1.82  A number of major initiatives have been undertaken in the other areas of social sectors like health and education. The National Rural Health Mission has been launched to bring about a qualitative improvement in the public health care delivery in the rural areas. Allocation for elementary education sector has been increased substantially during the year. It is however important now to shift emphasis and focus attention on the quality of outcome of the various social sector programmes rather than their quantity or coverage. For example, the quality of education being imparted at the elementary level, rather than just access or only enrolment of children in school, needs to be emphasised through appropriate modifications in the guidelines and their implementation. This will ensure that the children passing out of the school system have a better chance of contributing productively to the economy. While universal coverage has been achieved in terms of opening of health centres in most states, the quality of public healthcare services both in the rural and urban areas need urgent improvement.

1.83  Efficient management and delivery of the social sector programmes necessitate adequate capacity building at all levels, decentralisation of implementation and transparency in delivery and accountability of the agencies involved. Evaluation studies repeatedly indicate that only those programmes tend to succeed which have elements of the above critical success parameters. Budget 2005-06 has emphasized that all Plan schemes need to be evaluated once in five years, and only then be eligible for carry forward in the next Plan.

1.84  While the worry about rapidly growing imports and the burgeoning current account deficit appears to be somewhat misplaced, the possible risks to an otherwise rosy outlook arise from: inflation; interest rate; and fiscal stance.  In a capital-scarce economy like India, a current account surplus is symptomatic of insufficient investment. There is clear need to enhance investment. Higher investment is likely to result in higher imports of basic, intermediate and capital goods and trade and current account deficit. Such a deficit, however, is unlikely to pose a balance of payments problem as the commodity composition of non-oil imports, with the exception of gold and silver, is biased in favour of capital and other essential inputs and is likely to add to the export momentum in the future. 

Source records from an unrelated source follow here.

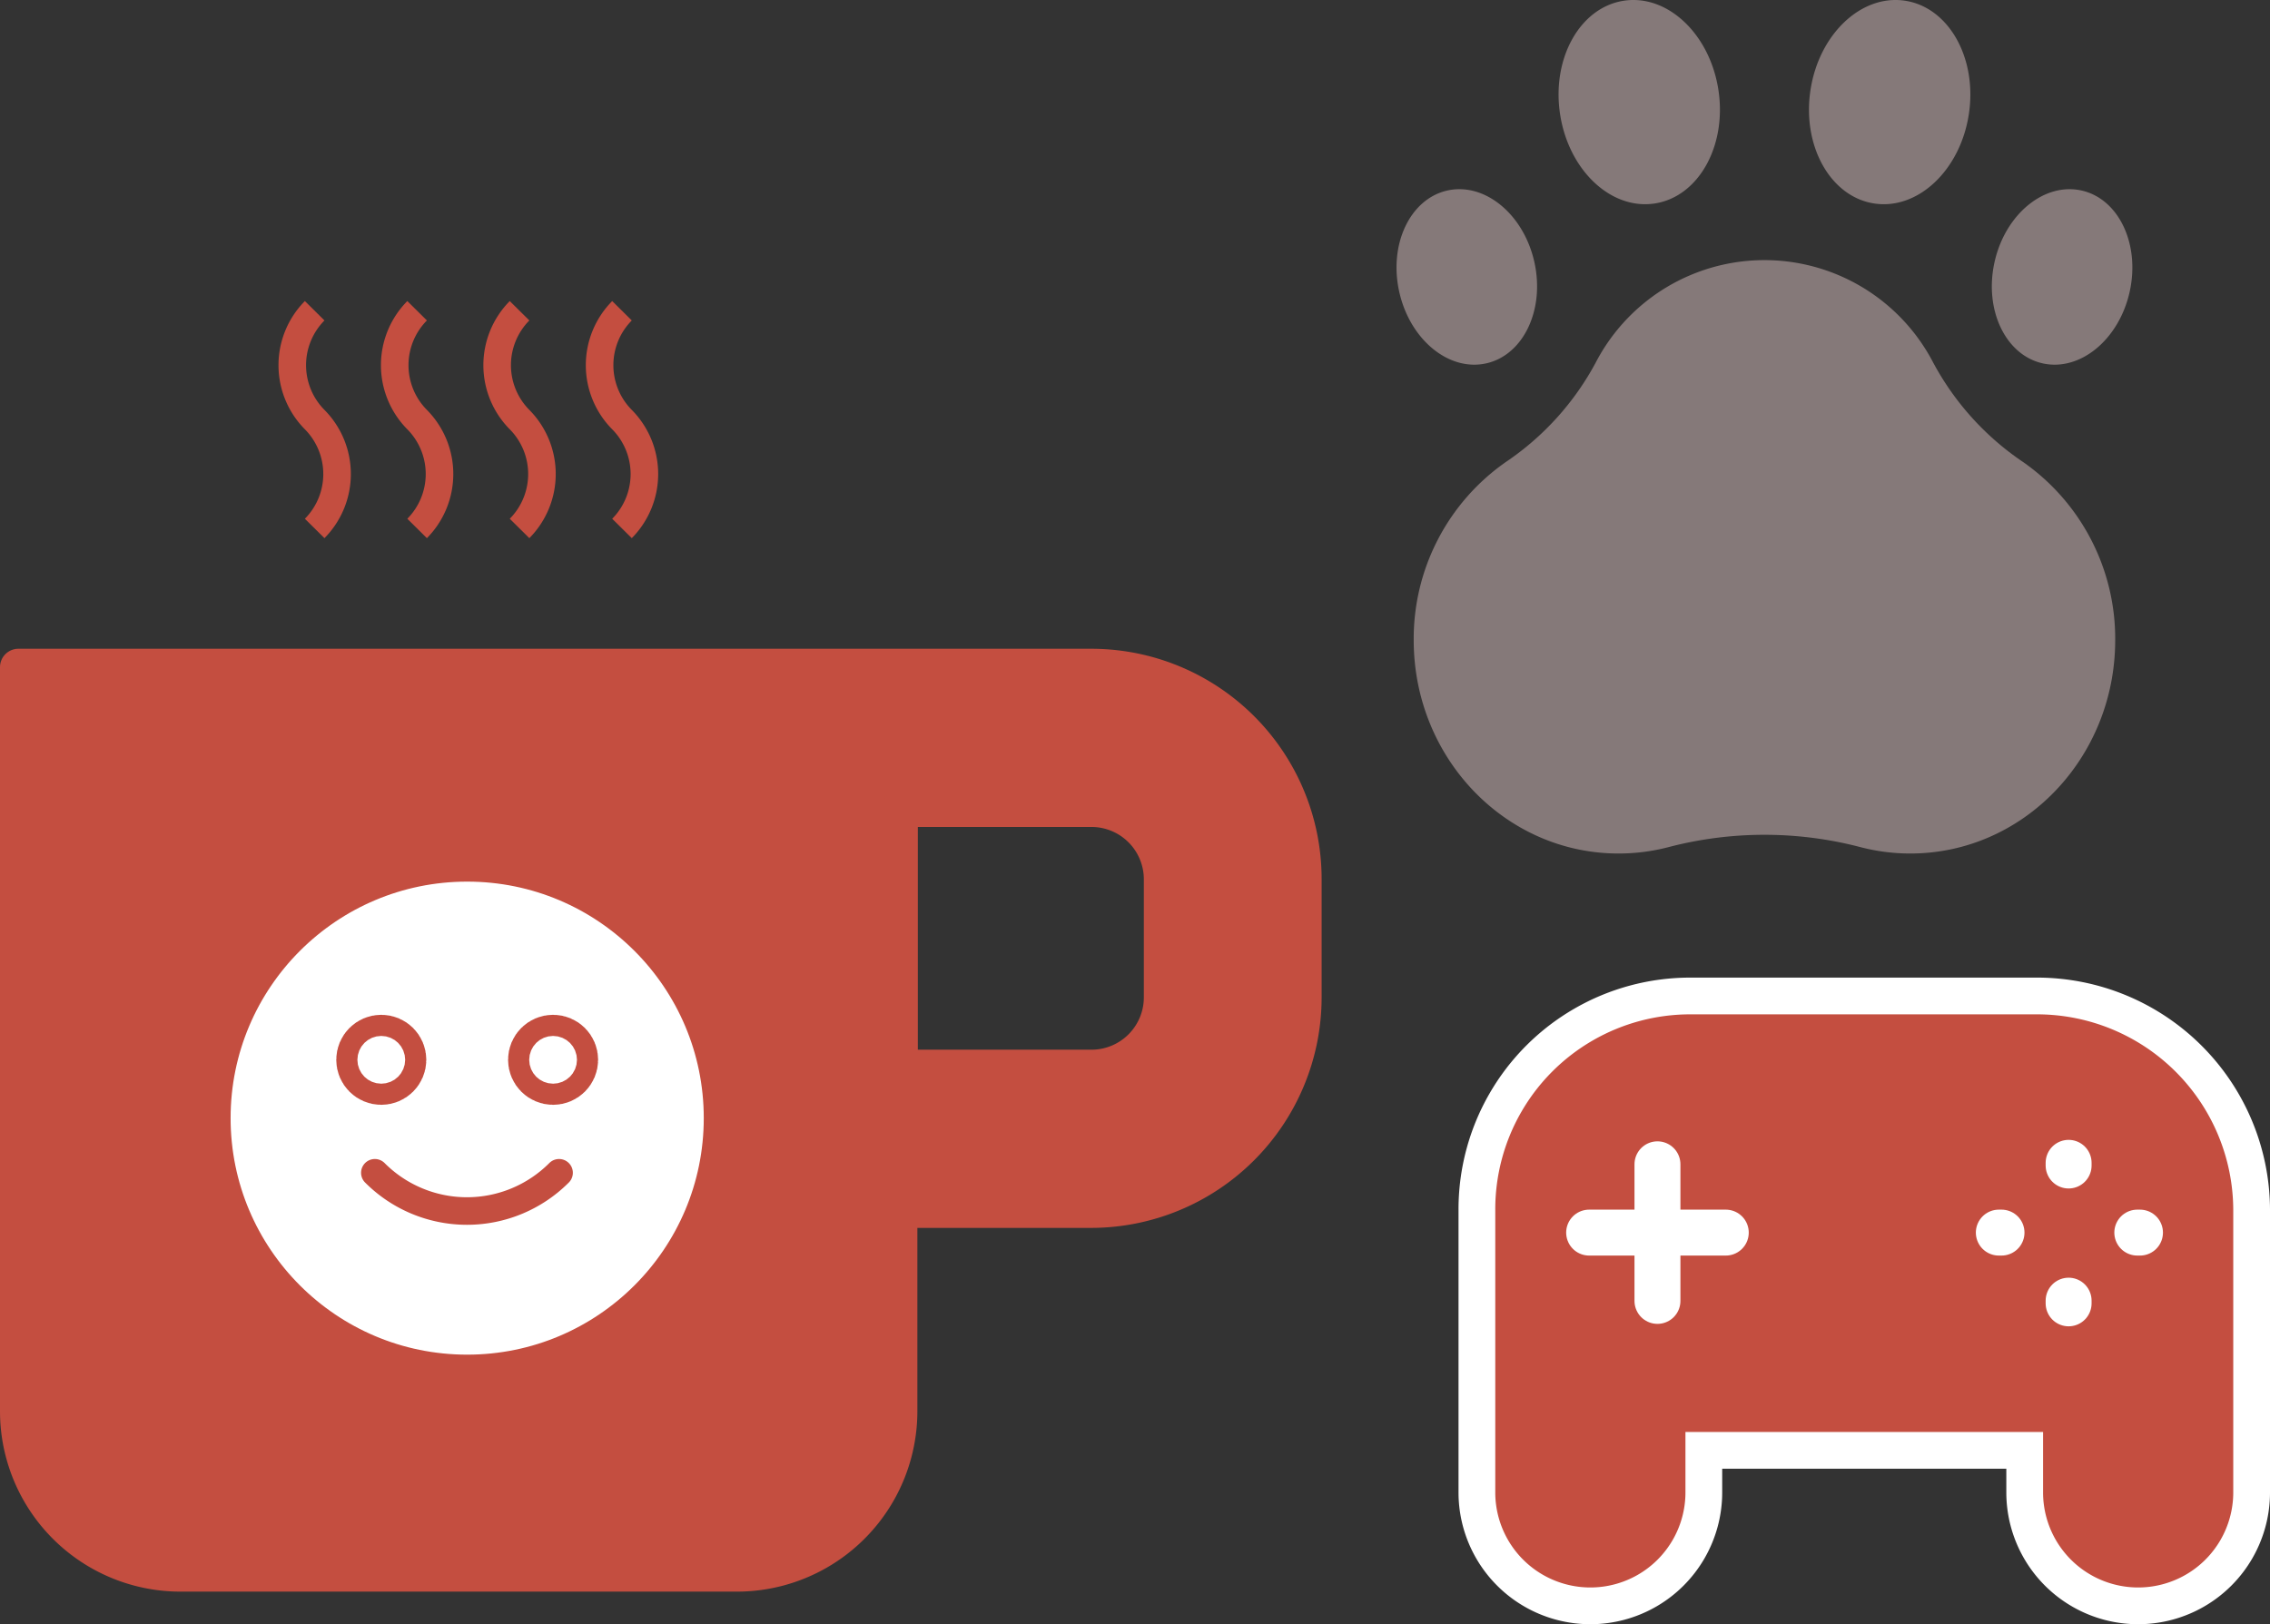 <svg xmlns="http://www.w3.org/2000/svg" viewBox="0 0 494.149 353.66">
  <rect x="0" y="0" width="494.149" height="353.66" fill="#333333" stroke="none"/>
  <defs>
    <style>
      .c,.e{stroke:#c44e40}.e,.i,.j{stroke-linecap:round;stroke-linejoin:round}.c,.e,.i{stroke-miterlimit:10}.c,.e,.i,.j{fill:none}.c{stroke-width:6px}.e{stroke-width:15px}.i,.j{stroke:#fff;stroke-width:10px}.j{stroke-dasharray:.586}.m{fill:#857979}
    </style>
  </defs>
  <g transform="translate(-26.9 -153.835)">
    <path d="M264.1 299.1H30.5v162a35.294 35.294 0 0 0 35.3 35.3H187a35.294 35.294 0 0 0 35.3-35.3v-43.9h41.8a46.22 46.22 0 0 0 46.2-46.2v-25.7a46.22 46.22 0 0 0-46.2-46.2zm15.4 71.9a15.407 15.407 0 0 1-15.4 15.4h-41.8v-56.5h41.8a15.407 15.407 0 0 1 15.4 15.4z" fill="#c44e40"/>
    <path d="M264.5 299.1H30.9v162a35.294 35.294 0 0 0 35.3 35.3h121.1a35.294 35.294 0 0 0 35.3-35.3v-43.9h41.8a46.22 46.22 0 0 0 46.2-46.2v-25.7a46.135 46.135 0 0 0-46.1-46.2zm15.4 71.9a15.407 15.407 0 0 1-15.4 15.4h-41.8v-56.5h41.8a15.407 15.407 0 0 1 15.4 15.4z" stroke-width="8" stroke-miterlimit="10" stroke-linecap="round" stroke-linejoin="round" stroke="#c44e40" fill="#c44e40"/>
    <path class="c" d="M95.4 245.2a16.84 16.84 0 0 1 0-23.7M95.4 245.2a16.84 16.84 0 0 1 0 23.7M117.7 245.2a16.84 16.84 0 0 1 0-23.7M117.7 245.2a16.84 16.84 0 0 1 0 23.7M140 245.2a16.84 16.84 0 0 1 0-23.7M140 245.2a16.84 16.84 0 0 1 0 23.7M162.3 245.2a16.84 16.84 0 0 1 0-23.7M162.3 245.2a16.84 16.84 0 0 1 0 23.7"/>
    <circle cx="55.5" cy="55.5" r="55.5" transform="translate(73.1 341.8)" fill="#fff" stroke-width="8" stroke="#c44e40"/>
    <circle class="e" cx="2.3" cy="2.3" r="2.3" transform="translate(107.6 382.3)"/>
    <circle class="e" cx="2.3" cy="2.3" r="2.3" transform="translate(145 382.3)"/>
    <path d="M148.6 409.2a28.307 28.307 0 0 1-40.1 0" stroke-width="6" fill="none" stroke-miterlimit="10" stroke-linecap="round" stroke-linejoin="round" stroke="#c44e40"/>
    <path d="M470.438 370.7h-75.56a46.444 46.444 0 0 0-46.478 46.478v61.617a24.7 24.7 0 1 0 49.4 0v-9.163h69.85v9.163a24.7 24.7 0 1 0 49.4 0v-61.617a46.729 46.729 0 0 0-46.612-46.478z" stroke="#fff" stroke-width="8" fill="#c44e40"/>
    <path d="M470.438 370.7h-75.56a46.444 46.444 0 0 0-46.478 46.478v61.617a24.7 24.7 0 1 0 49.4 0v-9.163h69.85v9.163a24.7 24.7 0 1 0 49.4 0v-61.617a46.729 46.729 0 0 0-46.612-46.478z" fill="none"/>
    <path class="i" d="M387.707 407.351v29.746M402.58 422.224h-29.746"/>
    <path class="j" d="M492.747 422.224h-.797"/>
    <path stroke-dasharray=".586" stroke-width="10" stroke="#fff" fill="none" stroke-linecap="round" stroke-linejoin="round" d="M462.603 422.224h-.797"/>
    <g>
      <path stroke-dasharray=".586" stroke-width="10" stroke="#fff" fill="none" stroke-linecap="round" stroke-linejoin="round" d="M477.21 437.629v-.797"/>
      <path class="j" d="M477.21 407.617v-.797"/>
    </g>
  </g>
  <path class="m" d="M440.389 100.594a60.629 60.629 0 0 1-19.61-21.742 41.391 41.391 0 0 0-73.36 0 60.6 60.6 0 0 1-19.614 21.742 46.914 46.914 0 0 0-20.058 38.789c0 25.662 19.963 46.462 44.588 46.462a42.9 42.9 0 0 0 10.819-1.376 82.618 82.618 0 0 1 41.89 0 42.9 42.9 0 0 0 10.819 1.376c24.625 0 44.588-20.8 44.588-46.462a46.906 46.906 0 0 0-20.062-38.789zM333.993 56.975c2.354 10.389-2.318 20.3-10.43 22.136s-16.594-5.093-18.948-15.486 2.318-20.3 10.43-22.136 16.594 5.093 18.948 15.486zM374.081 19.616c1.851 12.195-4.364 23.249-13.888 24.693s-18.736-7.262-20.587-19.462S343.974 1.6 353.494.156s18.736 7.27 20.587 19.46zM434.206 56.975c-2.354 10.389 2.313 20.3 10.425 22.136s16.6-5.093 18.949-15.486-2.318-20.303-10.425-22.136-16.593 5.093-18.949 15.486zM394.117 19.616c-1.851 12.195 4.364 23.249 13.883 24.693s18.741-7.262 20.593-19.462S424.224 1.6 414.705.156s-18.736 7.27-20.588 19.46z"/>
</svg>

1.85  High and volatile international petroleum prices impart an element of uncertainty in the inflation outlook not only for India but also the world economy.  With increasing dependence on imported crude and growing openness, India is no longer insulated from the rest of the world in price developments. This inflation uncertainty, together with the unresolved global macroeconomic imbalances, casts its shadow on the interest rate scenario. A continued firming up of global interest rates beyond a point poses the risk of dampening the domestic investment boom.

1.86  The fiscal risk, both at the Central and State levels, arise from the argument that the fiscal adjustment process in India has led to expenditure compression of the wrong kind.  It is important to safeguard against this argument as the solution lies in not increasing the deficits, but in meeting squarely the challenge of improving the quality of expenditure. Expansionary fiscal policies of the past have resulted in the present expenditure profile and any solution for correction of the same through higher fiscal deficit is reductionism. Though there is no inviolable penal provision under FRBMA, with a promising economic outlook in a globalised milieu, the nation could ill afford to falter in its fiscal resolve without adverse consequences. The journey for sustained economic growth and stability is a long one and quick fix solutions for higher fiscal deficit to temporarily prop up growth through expansionary policies, albeit in increasing productive capacity, would prove to be counterproductive. Instead, there is much scope for better productivity in expenditure and greater growth dividend through deepening the reform process that could harness higher savings and investment.